Parameters are declared as variables with their type in the body of
the function. Their prior can be defined using the sampling operator
<~
(or is
).
The body of the function corresponds to the Stan model. Python syntax
is used for the imperative constructs of the model, like the for
loop in the example. The operator <~
is used to represent sampling
and x.T[a,b]
for truncated distribution.
Note that Stan array are 1-based. The range of the loop is thus range(1, 11)
,
that is 1,2, … 10.
Other Stan blocks can be introduced using the with
syntax of Python.
For example, the previous program could also be written as follows:
@yaps.model
def coin(x: int(lower=0, upper=1)[10]):
with parameters:
theta: real(lower=0, upper=1)
with model:
theta <~ uniform(0, 1)
for i in range(1,11):
x[i] <~ bernoulli(theta)
The corresponding Stan program can be displayed using the print
function:
print(coin)
Finally, it is possible to launch Bayesian inference on the defined model applied to some data. The communication with the Stan inference engine is based on on PyCmdStan.

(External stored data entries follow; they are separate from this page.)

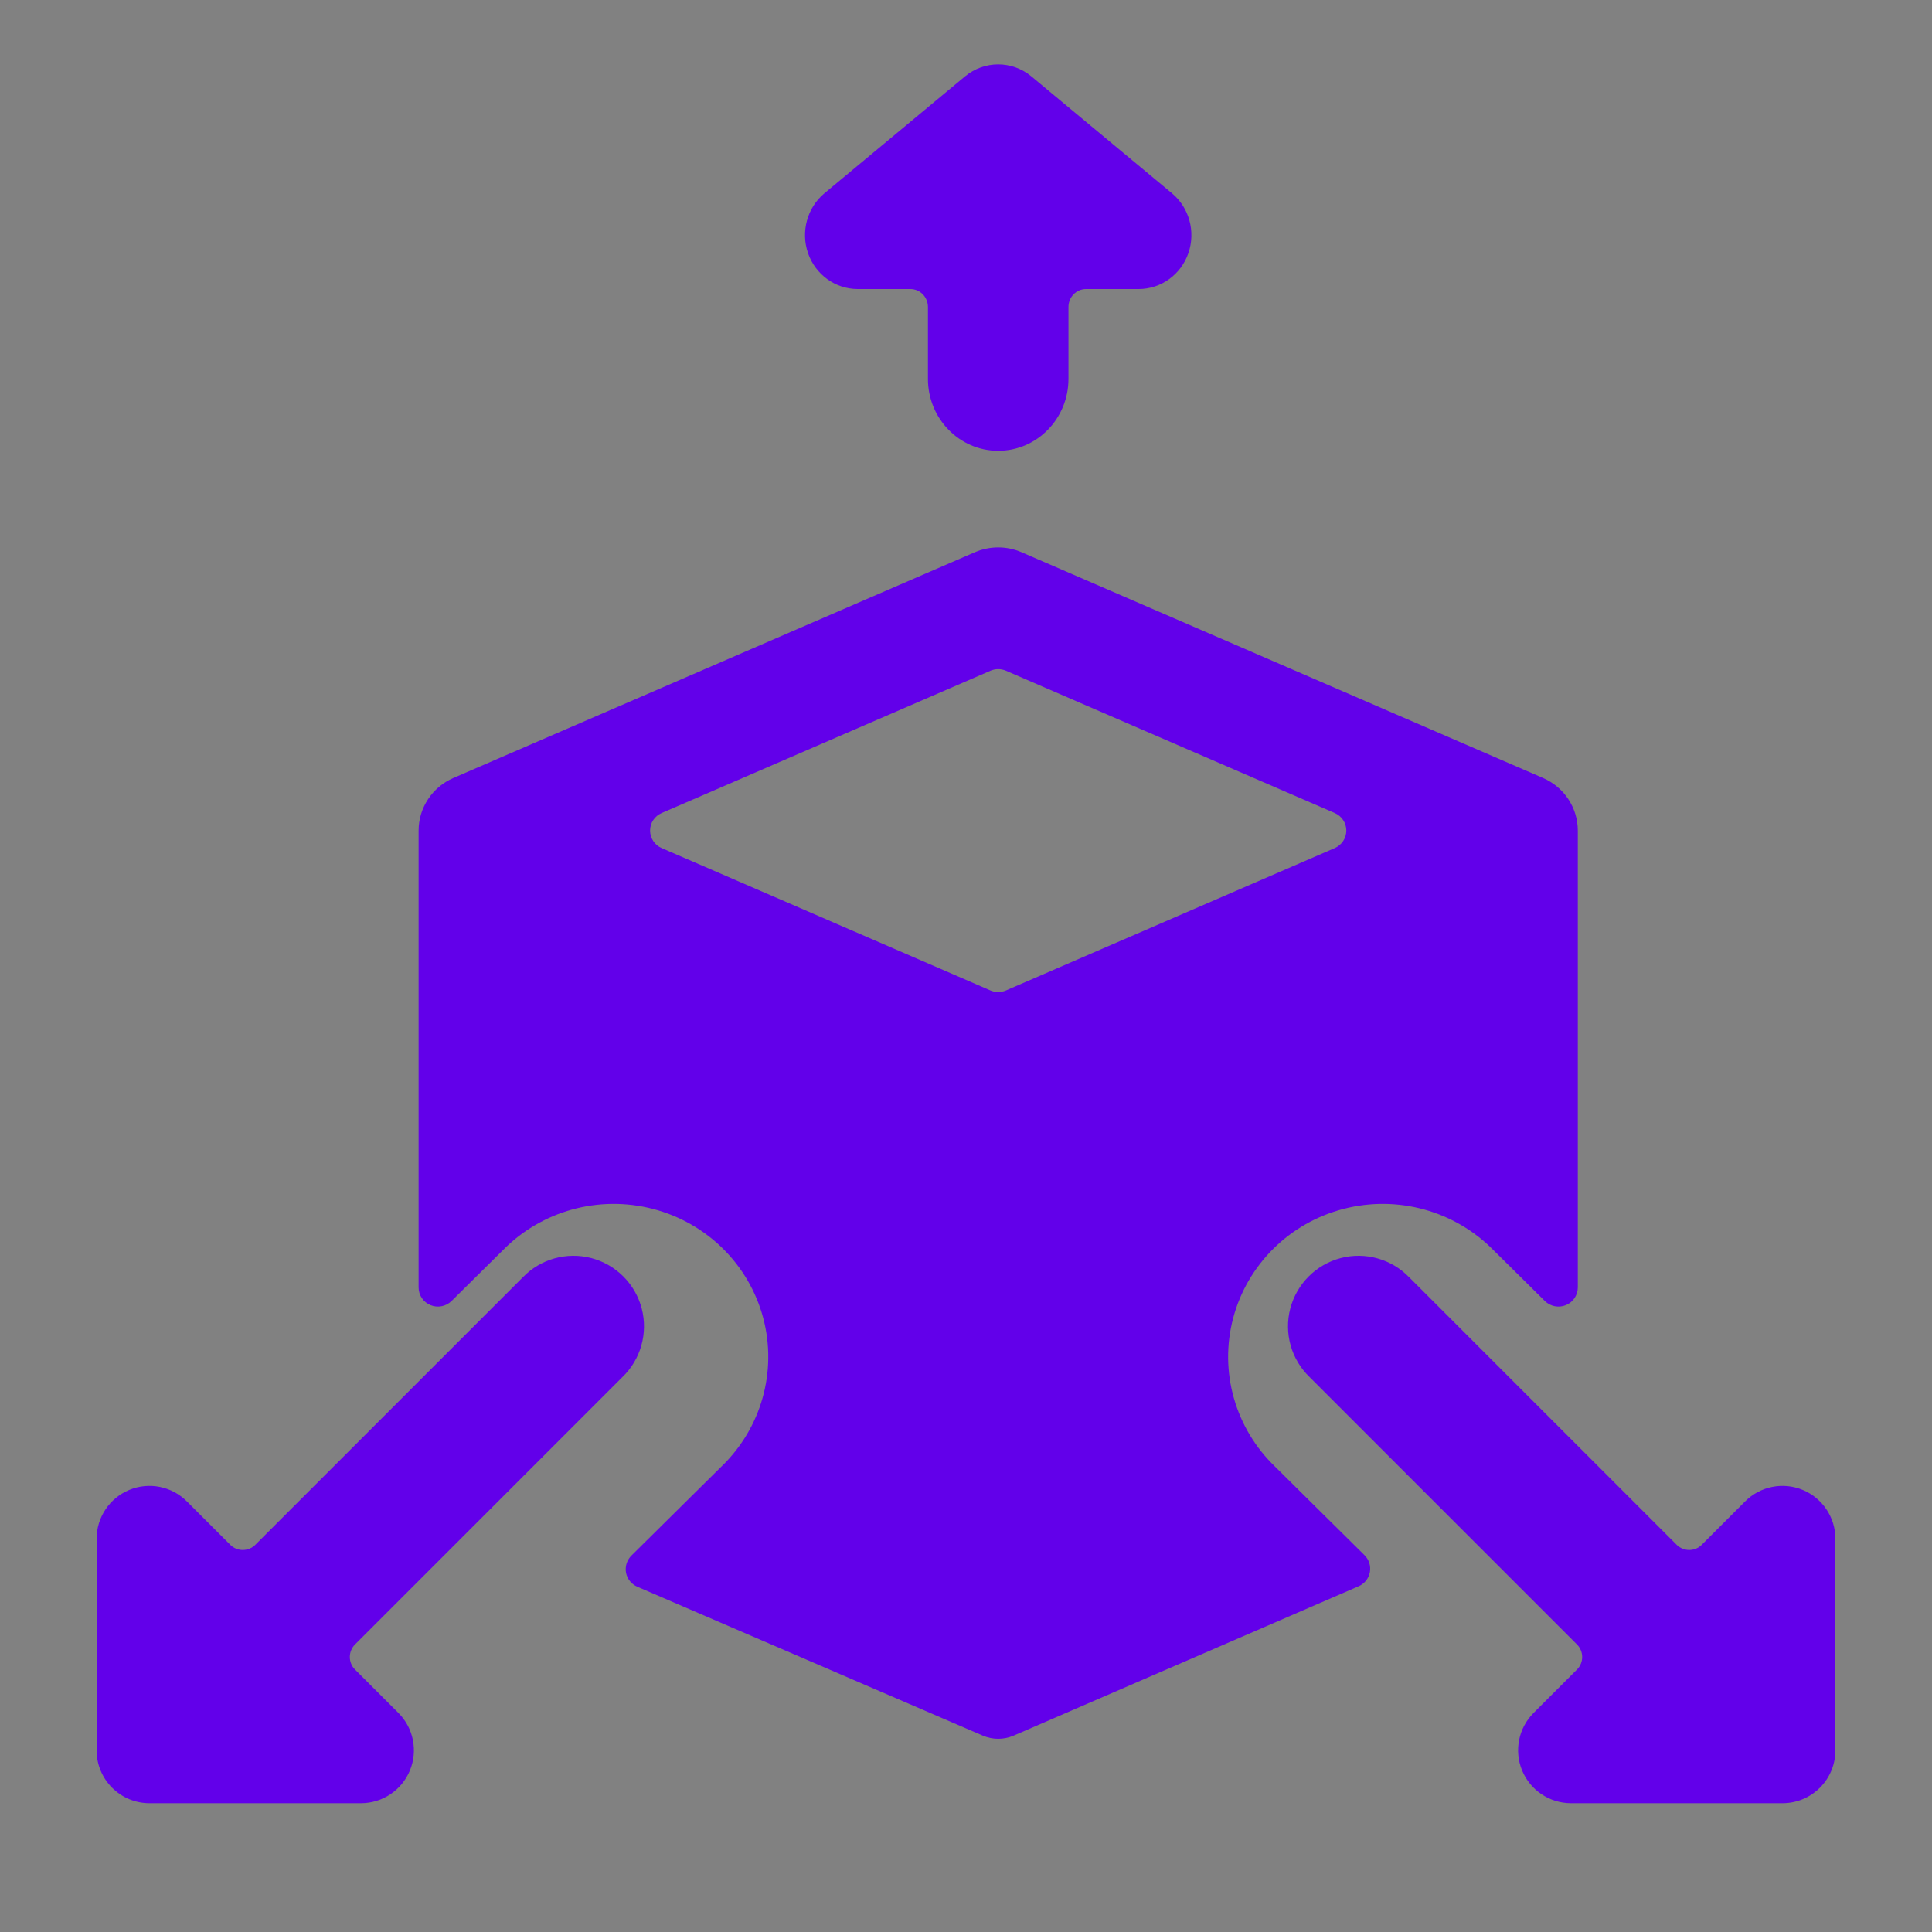 <?xml version="1.0" encoding="UTF-8"?>
<svg width="60px" height="60px" viewBox="0 0 60 60" version="1.1" xmlns="http://www.w3.org/2000/svg" xmlns:xlink="http://www.w3.org/1999/xlink">
    <rect x="0" y="0" width="60" height="60" fill="#808080" stroke="none"/>
    <!-- Generator: Sketch 51.2 (57519) - http://www.bohemiancoding.com/sketch -->
    <title>icon-corners</title>
    <desc>Created with Sketch.</desc>
    <defs></defs>
    <g id="Finesse-Items" stroke="none" stroke-width="1" fill="none" fill-rule="evenodd">
        <g id="icon-corners">
            <rect id="Rectangle-13" fill-opacity="0.01" fill="#FFFFFF" x="0" y="0" width="60" height="60"></rect>
            <g id="3d-box-expand-corners" transform="translate(3, 2)" fill="#6200EA" fill-rule="nonzero">
                <path d="M23.636,6.976 L25.273,6.976 C25.574,6.976 25.818,7.226 25.818,7.534 L25.818,9.767 C25.818,11 26.795,12 28,12 C29.205,12 30.182,11 30.182,9.767 L30.182,7.534 C30.182,7.226 30.426,6.976 30.727,6.976 L32.364,6.976 C33.056,6.976 33.674,6.53 33.906,5.862 C34.137,5.194 33.933,4.449 33.396,4.002 L29.032,0.374 C28.43,-0.125 27.57,-0.125 26.968,0.374 L22.604,4.002 C22.067,4.449 21.863,5.194 22.094,5.862 C22.326,6.53 22.944,6.976 23.636,6.976 Z" id="Shape"></path>
                <path d="M36.606,43.555 C35.359,42.362 34.858,40.596 35.297,38.935 C35.737,37.274 37.047,35.977 38.726,35.543 C40.404,35.108 42.188,35.603 43.394,36.838 L44.975,38.403 C45.147,38.573 45.404,38.624 45.629,38.533 C45.853,38.441 45.999,38.225 46,37.985 L46,23.794 C45.999,23.087 45.577,22.447 44.922,22.162 L28.72,15.148 C28.261,14.951 27.739,14.951 27.28,15.148 L11.078,22.162 C10.423,22.447 10.001,23.087 10,23.794 L10,37.985 C10.001,38.225 10.147,38.441 10.371,38.533 C10.596,38.624 10.853,38.573 11.025,38.403 L12.606,36.838 C13.812,35.603 15.596,35.108 17.274,35.543 C18.953,35.977 20.263,37.274 20.703,38.935 C21.142,40.596 20.641,42.362 19.394,43.555 L16.607,46.312 C16.468,46.452 16.406,46.651 16.442,46.844 C16.48,47.037 16.611,47.198 16.792,47.277 L27.52,51.901 C27.826,52.033 28.174,52.033 28.48,51.901 L39.194,47.262 C39.375,47.183 39.506,47.021 39.542,46.828 C39.579,46.635 39.516,46.437 39.376,46.298 L36.606,43.555 Z M38.452,23.25 C38.67,23.345 38.811,23.558 38.811,23.794 C38.811,24.03 38.67,24.243 38.452,24.338 L28.24,28.76 C28.087,28.824 27.913,28.824 27.76,28.76 L17.548,24.338 C17.33,24.243 17.189,24.03 17.189,23.794 C17.189,23.558 17.33,23.345 17.548,23.25 L27.76,18.83 C27.913,18.764 28.087,18.764 28.24,18.83 L38.452,23.25 Z" id="Shape"></path>
                <path d="M16.331,40.765 C16.901,40.216 17.129,39.401 16.929,38.636 C16.728,37.87 16.13,37.272 15.364,37.071 C14.599,36.871 13.784,37.099 13.235,37.669 L4.928,45.976 C4.825,46.079 4.685,46.136 4.54,46.136 C4.395,46.136 4.255,46.079 4.152,45.976 L2.803,44.627 C2.334,44.157 1.628,44.017 1.014,44.271 C0.401,44.525 0.001,45.123 0,45.787 L0,52.357 C3.0393311e-16,53.265 0.735,54 1.643,54 L8.213,54 C8.877,53.999 9.475,53.599 9.729,52.986 C9.983,52.372 9.843,51.666 9.373,51.197 L8.024,49.848 C7.921,49.745 7.864,49.605 7.864,49.46 C7.864,49.315 7.921,49.175 8.024,49.072 L16.331,40.765 Z" id="Shape"></path>
                <path d="M54,52.357 L54,45.787 C53.999,45.123 53.599,44.525 52.986,44.271 C52.372,44.017 51.666,44.157 51.197,44.627 L49.848,45.976 C49.745,46.079 49.605,46.136 49.46,46.136 C49.315,46.136 49.175,46.079 49.072,45.976 L40.765,37.669 C40.216,37.099 39.401,36.871 38.636,37.071 C37.87,37.272 37.272,37.87 37.071,38.636 C36.871,39.401 37.099,40.216 37.669,40.765 L45.976,49.072 C46.079,49.175 46.136,49.315 46.136,49.46 C46.136,49.605 46.079,49.745 45.976,49.848 L44.627,51.197 C44.157,51.666 44.017,52.372 44.271,52.986 C44.525,53.599 45.123,53.999 45.787,54 L52.357,54 C53.265,54 54,53.265 54,52.357 Z" id="Shape"></path>
            </g>
        </g>
    </g>
</svg>

flips = np.array([0, 1, 0, 0, 0, 0, 0, 0, 0, 1])
constrained_coin = coin(x=flips)
constrained_coin.sample(data=constrained_coin.data)
Note that arrays must be cast into numpy arrays (see pycmdstan documentation).
After the inference the attribute posterior
of the constrained model is an object with fields for the latent model parameters:
theta_mean = constrained_coin.posterior.theta.mean()
print("mean of theta: {:.3f}".format(theta_mean))
Yaps provides a lighter syntax to Stan programs. Since Yaps uses Python syntax, users can take advantage of Python tooling for syntax highlighting, indentation, error reporting, …
Install¶
Yaps depends on the following python packages:
- astor
- graphviz
- antlr4-python3-runtime
- pycmdstan
To install Yaps and all its dependencies run:
pip install yaps
To install from source, first clone the repo, then:
pip install .
By default, communication with the Stan inference engine is based on PyCmdStan. To run inference, you first need to install CmdStan and set the CMDSTAN environment variable to point to your CmdStan directory.
export CMDSTAN=/path/to/cmdstan
Tools¶
We provide a tool to compile Stan files to Yaps syntax.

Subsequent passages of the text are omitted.